A number of the provisional One Penny of this issue came over unused to English dealers after the stamp had been withdrawn from use, just as in the case of the provisional Halfpenny. Used specimens were at first very scarce, but to remedy this deficiency a certain number of these unused stamps were reshipped to an agent in St. Vincent, and came back through the post in instalments during the course of 1883 and 1884, whenever their owner had a demand for used specimens. This explains the late dates seen on some of these stamps. At the present time there is nothing to choose in point of rarity between used and unused specimens.

There are a good many foreign-made forgeries of this surcharged One Penny, but all we have seen have been very poor attempts, and none of them have ever been made on the right stamp, the one usually selected for forging being the pale yellow-green Six Pence of Issue 11.

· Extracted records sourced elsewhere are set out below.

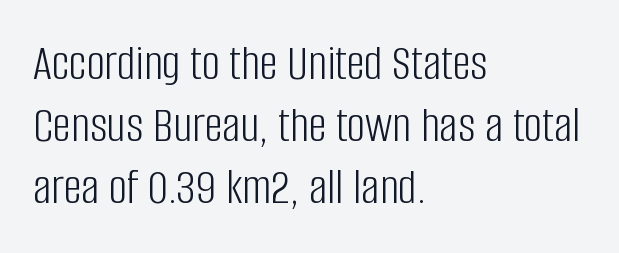
{"serif": "no", "italic": "no", "bold": "no", "weight": "light", "width": "condensed", "stroke_contrast": "low", "x_height": "large", "monospaced": "no", "underline": "no", "align": "left", "line_spacing_ratio": 1.22, "letter_spacing": "normal", "letter_spacing_em": 0.0, "glyph_px": 51}
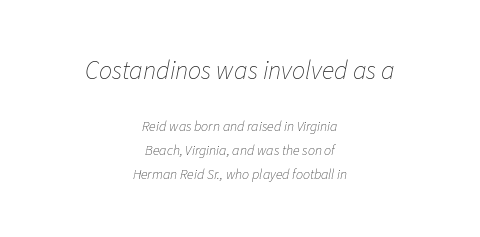
Horizontally, the lines are justified to the midpoint only. Decoration check: the copy has no underline. Vertical stems look standard width or narrower in stroke. Line spacing here is normal. It's the slanting kind of type.
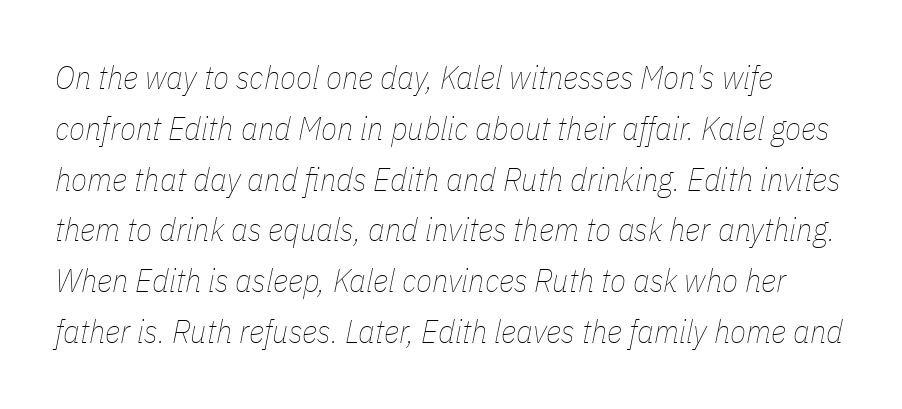
Ink coverage per letter is moderate at most. The leading is moderate, giving the passage an even texture. Note the varied advance widths — an 'i' is clearly narrower than an 'm'. No word sits above an underline. Does the lettering tilt? It does — this is italic. The horizontal fit of the characters is conventional and even.

We think this is the proper place to note a curious stamp that has just reached our publishers from the United States. It is the left half of a bright yellow-green Six Pence of Issue 14, which stamp has been divided in half by a vertical line of perforation gauging 12. This half stamp is surcharged “D/1” in red, and is postmarked, apparently over the surcharge. The extreme height of the surcharge is 8½ mm.; the height of the figure “1” is 5 mm., and its width ¾ mm.; the height of the letter “D” is 2¾ mm., and its width 2¼ mm. The figure “1” has a long serif, slanting downwards, and a foot like that of a Roman figure “I.”

We do not like to hazard an opinion as to what this stamp may be, but we think it right to place its existence on record, as the perforation which has divided the stamp has been, in our opinion, done by the same official machine that performed the same operation, not only on the postal provisionals of 1880 and 1881, but also on the fiscals that were made in 1882 by dividing diagonally this same Six Pence of Issue 14, and surcharging each half “3d. Revenue.” It was expressly forbidden in St. Vincent to make use of postage stamps for fiscal purposes, unless they had been overprinted “Revenue”; this stamp, if genuine, cannot therefore have been intended for anything but postage. It may have been experimentally prepared in December 1881, when a provisional One Penny was required, and rejected in favour of the one actually issued; but farther than this we cannot go. We are sorry that this interesting stranger has reached us too late for illustration.

Issue 18.

December 1881.

The consignment of these three stamps, which was sent out on November 16th, 1881, consisted of 1000 sheets (60,000 stamps) of the Halfpenny, 1000 sheets (60,000 stamps) of the One Penny, and 500 sheets (15,000 stamps) of the Four Pence. All three values were issued in December, and the three provisionals which had temporarily supplied their places were at once withdrawn from use, if indeed this had not already taken place in the case of the provisional Halfpenny.

The plate for the Halfpenny value, like those of the One Penny and Six Pence, consisted of 60 stamps arranged in 6 horizontal rows of 10. Like the other current values, it was printed on the star-watermarked paper.